▶ **Work to complete**: When the records are reproduced, each one must match exactly, and no picture may be kept.

▶ **Given data**:
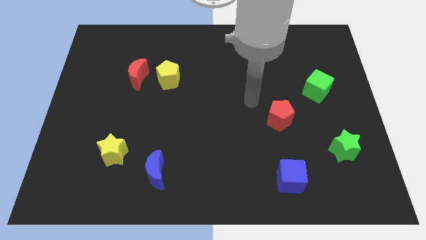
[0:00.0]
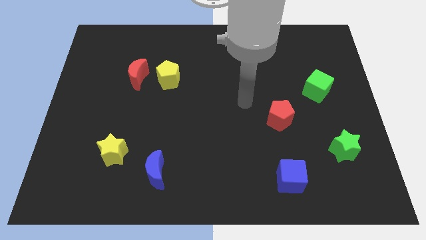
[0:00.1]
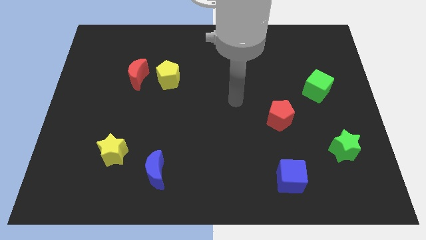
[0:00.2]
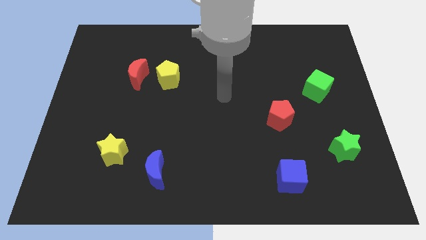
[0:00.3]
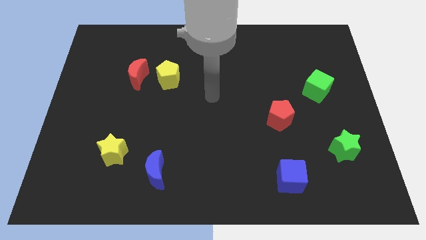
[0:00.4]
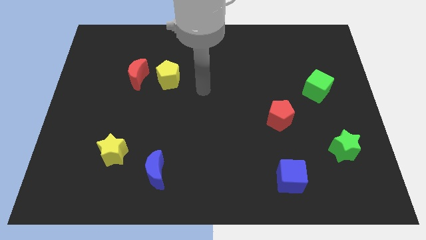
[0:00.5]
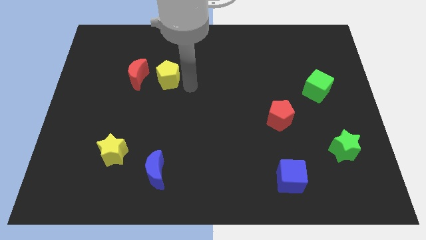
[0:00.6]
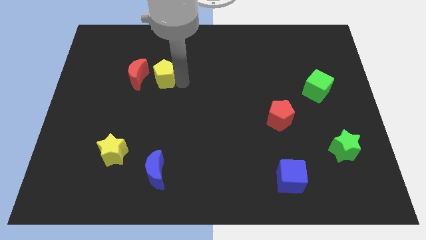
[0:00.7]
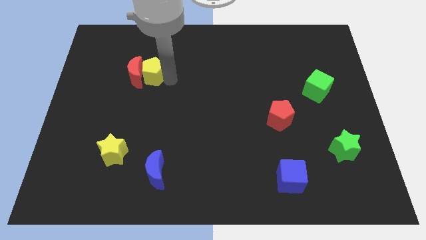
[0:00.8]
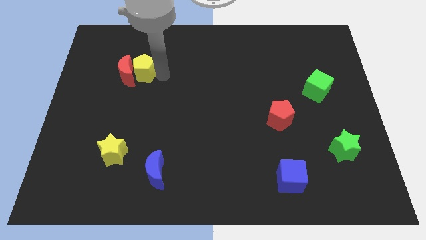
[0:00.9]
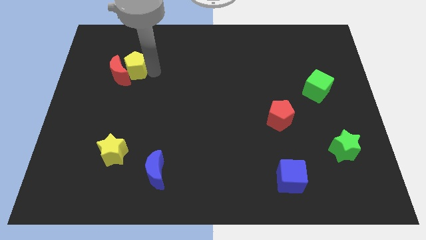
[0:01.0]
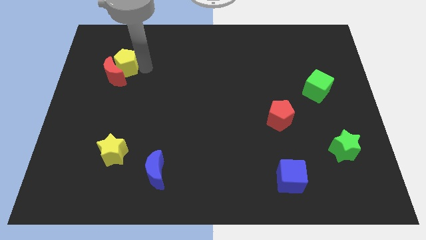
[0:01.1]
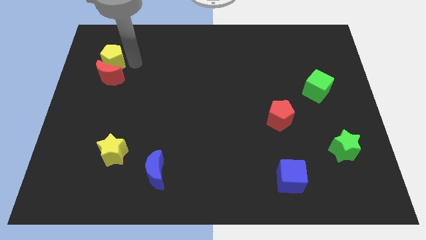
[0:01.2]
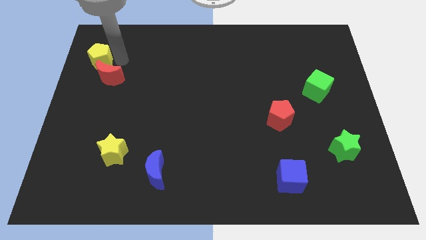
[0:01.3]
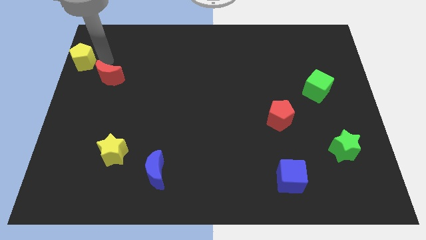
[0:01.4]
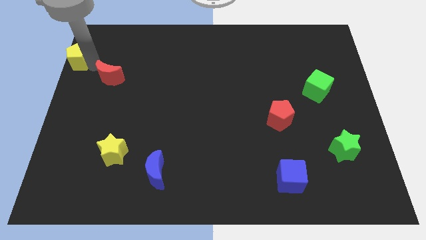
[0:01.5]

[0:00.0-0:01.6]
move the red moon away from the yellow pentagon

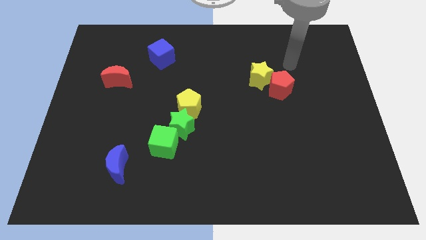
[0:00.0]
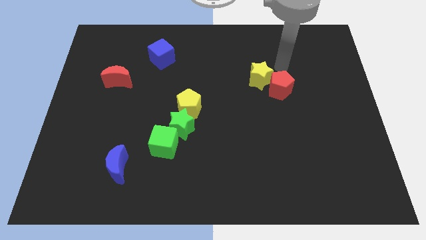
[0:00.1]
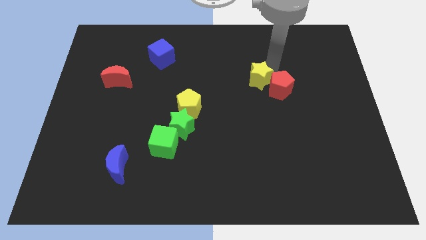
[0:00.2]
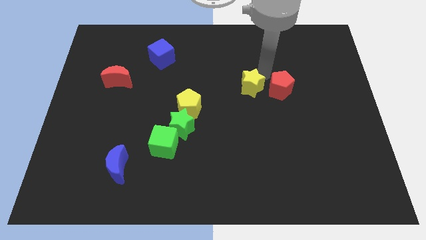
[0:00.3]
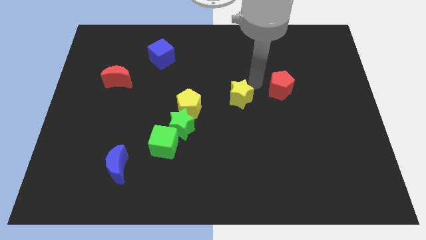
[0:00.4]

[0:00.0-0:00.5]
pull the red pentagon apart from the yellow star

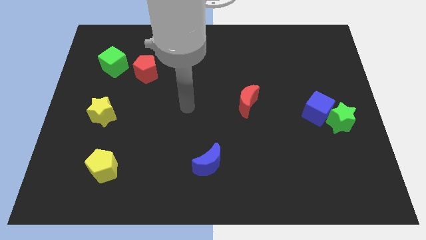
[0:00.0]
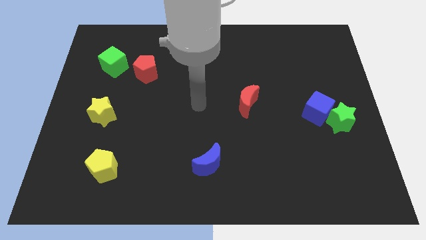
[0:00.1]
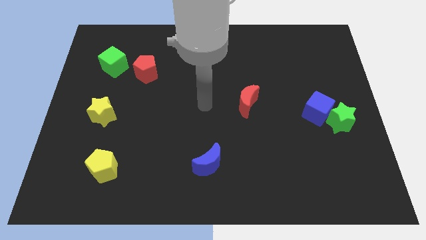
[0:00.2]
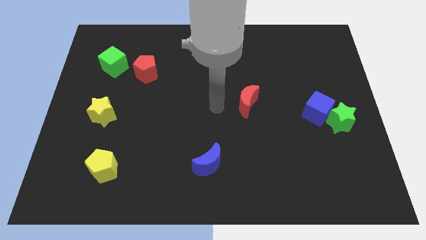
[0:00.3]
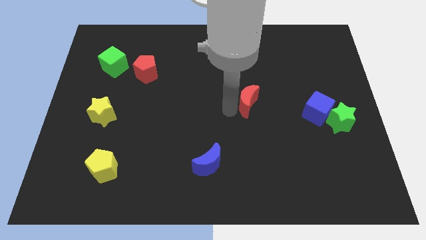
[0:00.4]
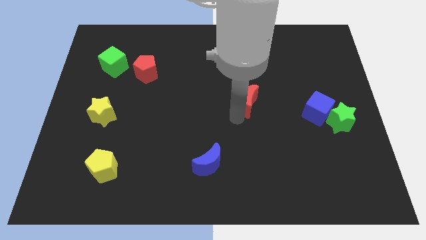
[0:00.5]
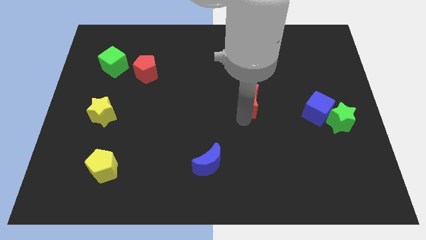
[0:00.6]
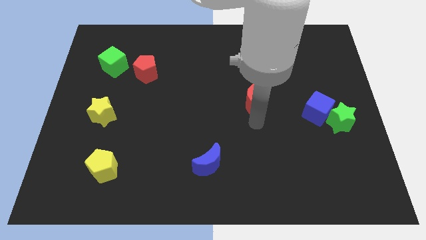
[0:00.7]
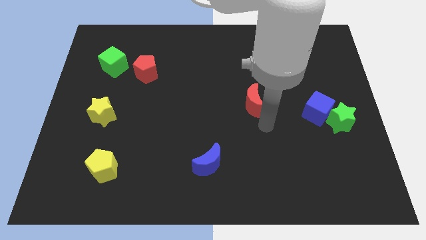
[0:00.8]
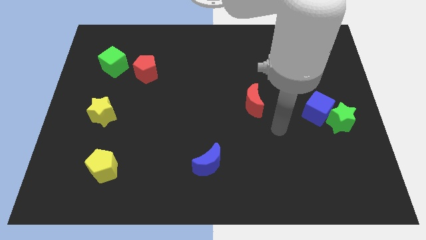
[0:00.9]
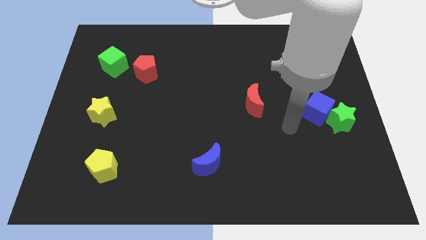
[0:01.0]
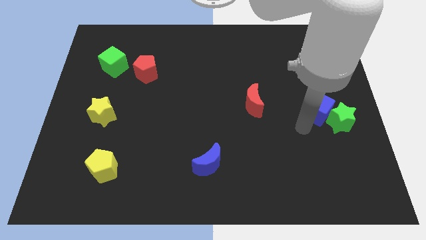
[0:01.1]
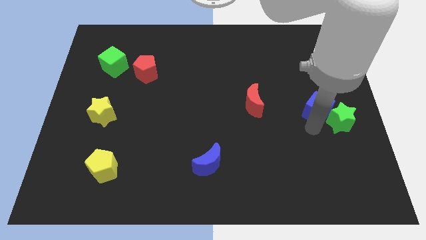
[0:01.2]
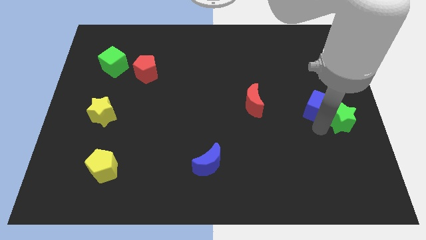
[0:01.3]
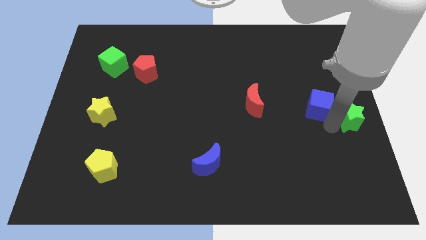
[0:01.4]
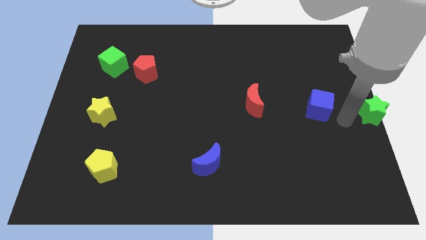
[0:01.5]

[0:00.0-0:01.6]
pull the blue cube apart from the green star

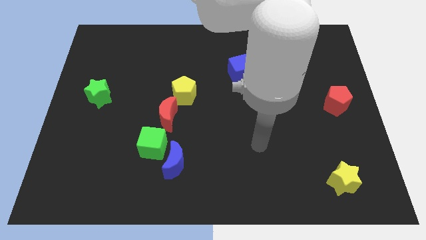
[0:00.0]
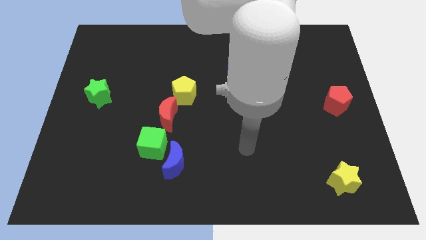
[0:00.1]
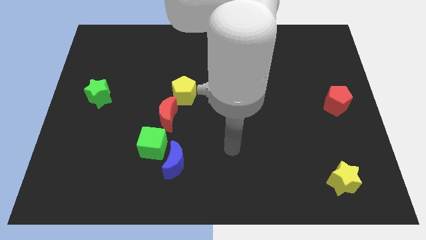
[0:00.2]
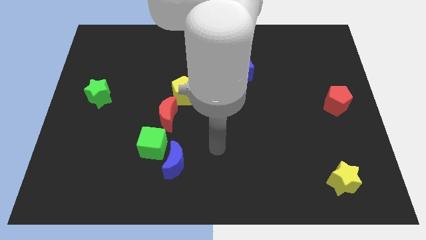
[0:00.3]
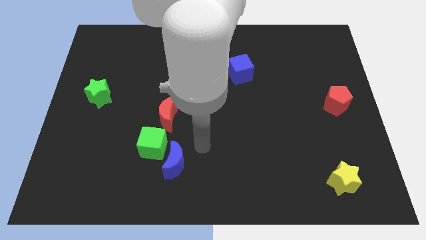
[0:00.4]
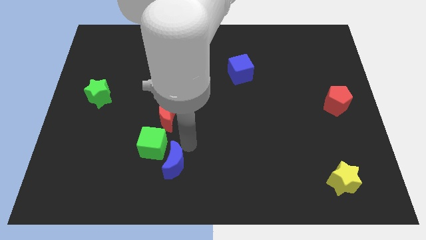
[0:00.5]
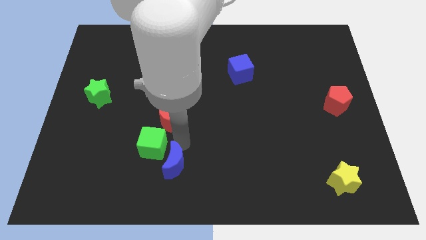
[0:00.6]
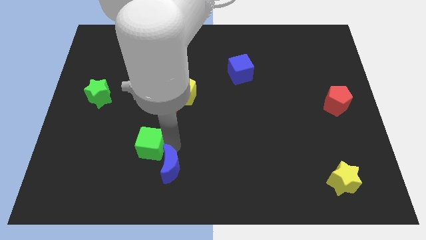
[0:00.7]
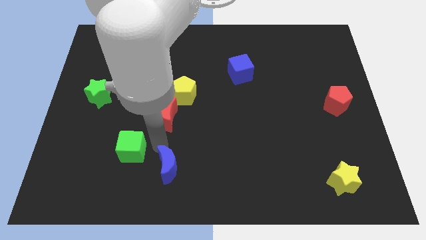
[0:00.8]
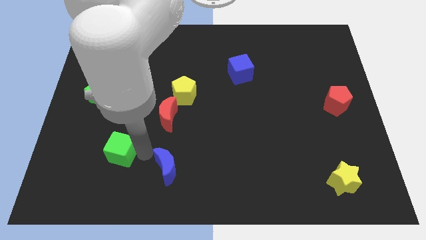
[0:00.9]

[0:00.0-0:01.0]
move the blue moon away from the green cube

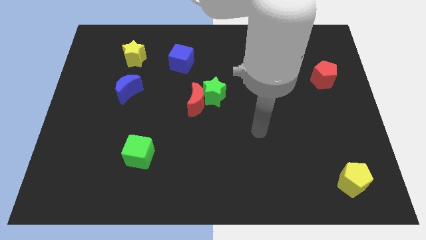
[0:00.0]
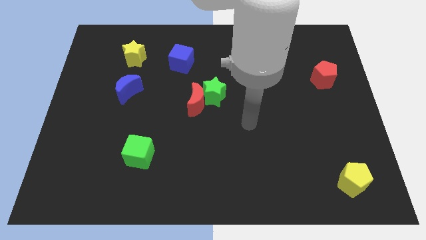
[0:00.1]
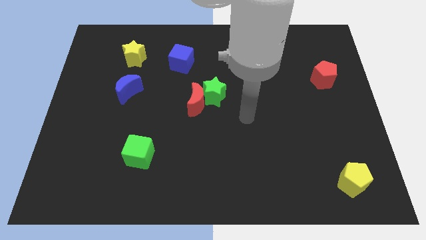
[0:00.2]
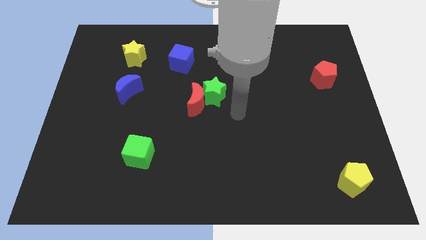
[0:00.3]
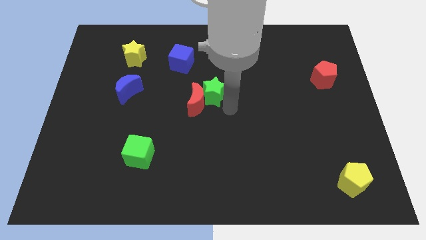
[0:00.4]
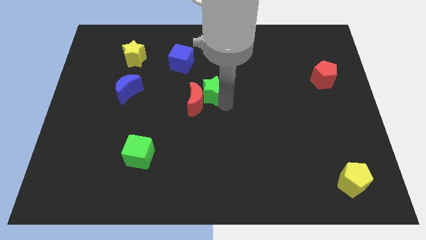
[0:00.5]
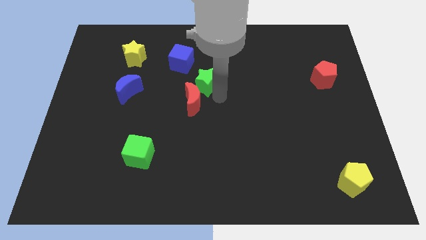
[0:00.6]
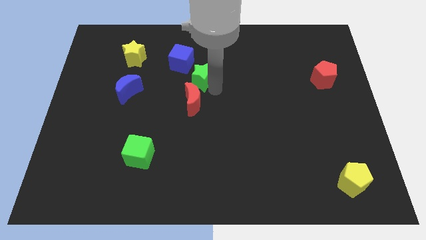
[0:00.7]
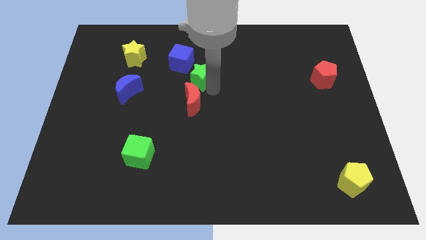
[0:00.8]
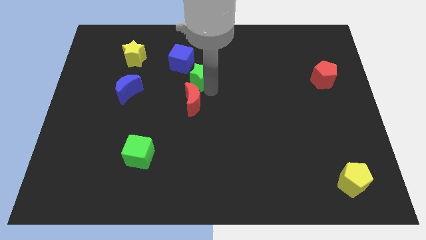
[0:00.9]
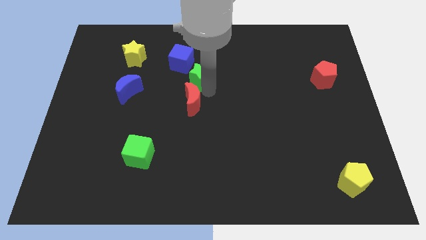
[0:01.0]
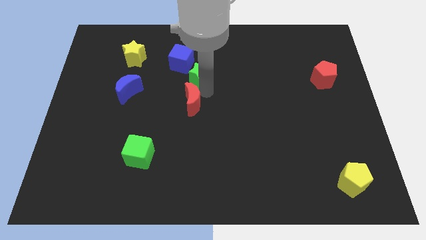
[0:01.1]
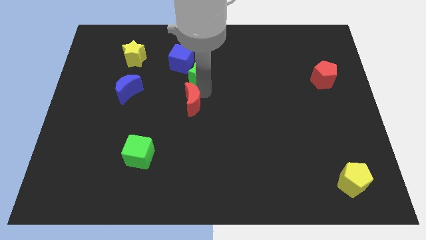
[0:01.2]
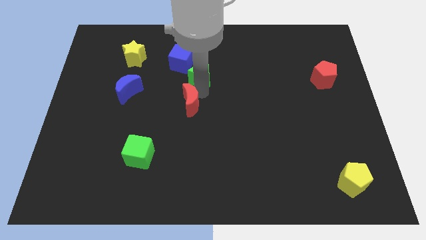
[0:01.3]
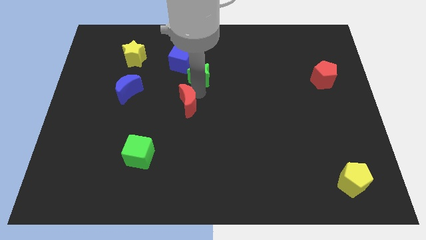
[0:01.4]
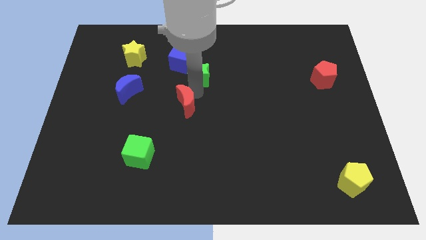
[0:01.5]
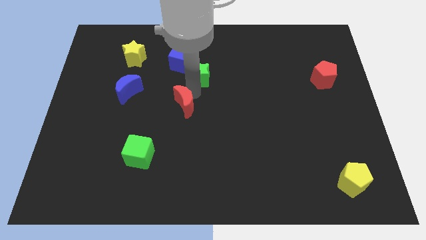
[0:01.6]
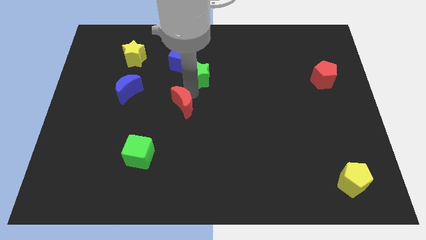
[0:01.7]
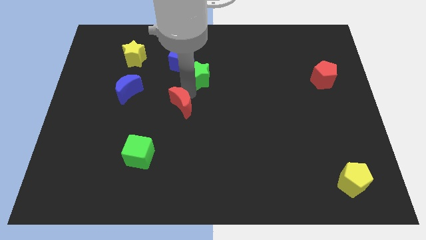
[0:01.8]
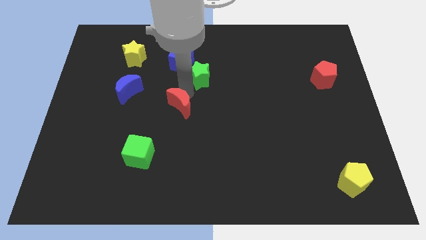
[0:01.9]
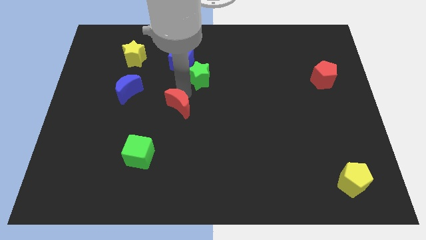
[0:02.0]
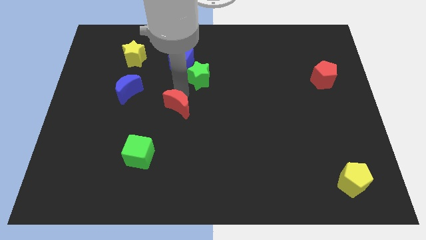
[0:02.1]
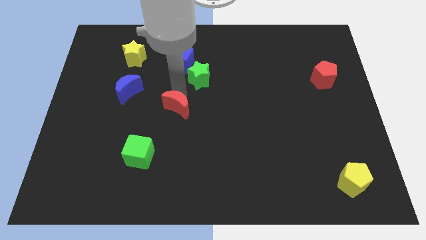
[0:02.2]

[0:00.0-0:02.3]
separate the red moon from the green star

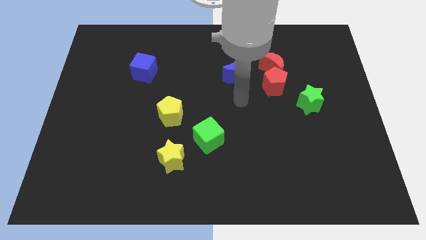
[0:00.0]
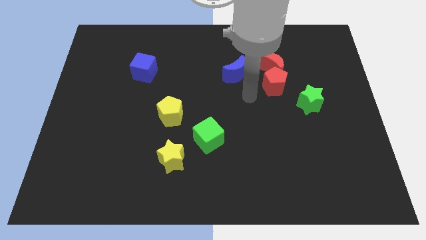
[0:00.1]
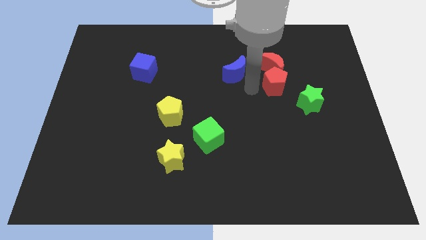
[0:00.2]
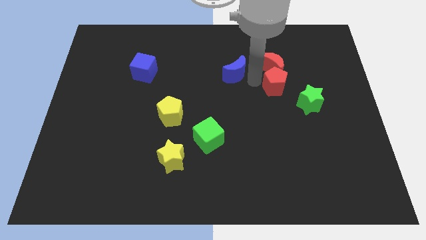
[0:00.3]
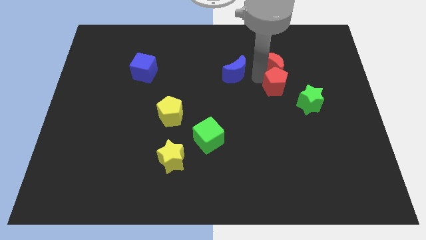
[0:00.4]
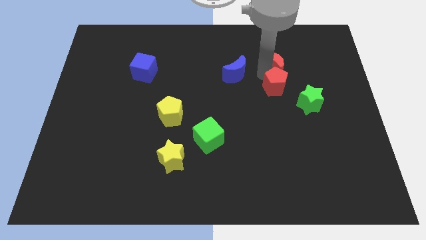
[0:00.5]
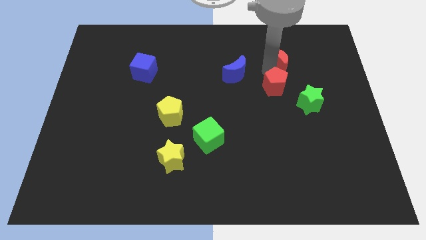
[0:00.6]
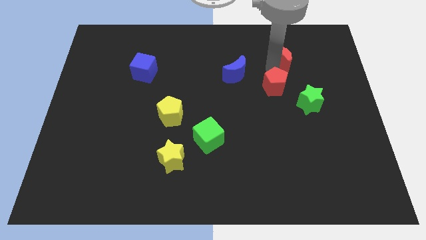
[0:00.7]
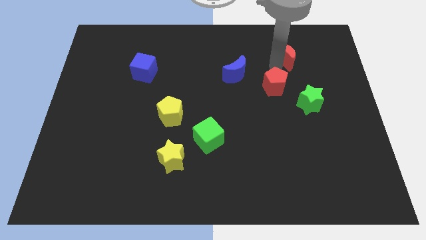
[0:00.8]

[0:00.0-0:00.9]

▶ **Solution for this problem**:
[0:00.0]
[0:00.1]
[0:00.2]
[0:00.3]
[0:00.4]
[0:00.5]
[0:00.6]
[0:00.7]
[0:00.8]
[0:00.9]
[0:01.0]
[0:01.1]
[0:01.2]
[0:01.3]
[0:01.4]
[0:01.5]

[0:00.0-0:01.6]
move the red moon away from the yellow pentagon

[0:00.0]
[0:00.1]
[0:00.2]
[0:00.3]
[0:00.4]

[0:00.0-0:00.5]
pull the red pentagon apart from the yellow star

[0:00.0]
[0:00.1]
[0:00.2]
[0:00.3]
[0:00.4]
[0:00.5]
[0:00.6]
[0:00.7]
[0:00.8]
[0:00.9]
[0:01.0]
[0:01.1]
[0:01.2]
[0:01.3]
[0:01.4]
[0:01.5]

[0:00.0-0:01.6]
pull the blue cube apart from the green star

[0:00.0]
[0:00.1]
[0:00.2]
[0:00.3]
[0:00.4]
[0:00.5]
[0:00.6]
[0:00.7]
[0:00.8]
[0:00.9]

[0:00.0-0:01.0]
move the blue moon away from the green cube

[0:00.0]
[0:00.1]
[0:00.2]
[0:00.3]
[0:00.4]
[0:00.5]
[0:00.6]
[0:00.7]
[0:00.8]
[0:00.9]
[0:01.0]
[0:01.1]
[0:01.2]
[0:01.3]
[0:01.4]
[0:01.5]
[0:01.6]
[0:01.7]
[0:01.8]
[0:01.9]
[0:02.0]
[0:02.1]
[0:02.2]

[0:00.0-0:02.3]
separate the red moon from the green star

[0:00.0]
[0:00.1]
[0:00.2]
[0:00.3]
[0:00.4]
[0:00.5]
[0:00.6]
[0:00.7]
[0:00.8]

[0:00.0-0:00.9]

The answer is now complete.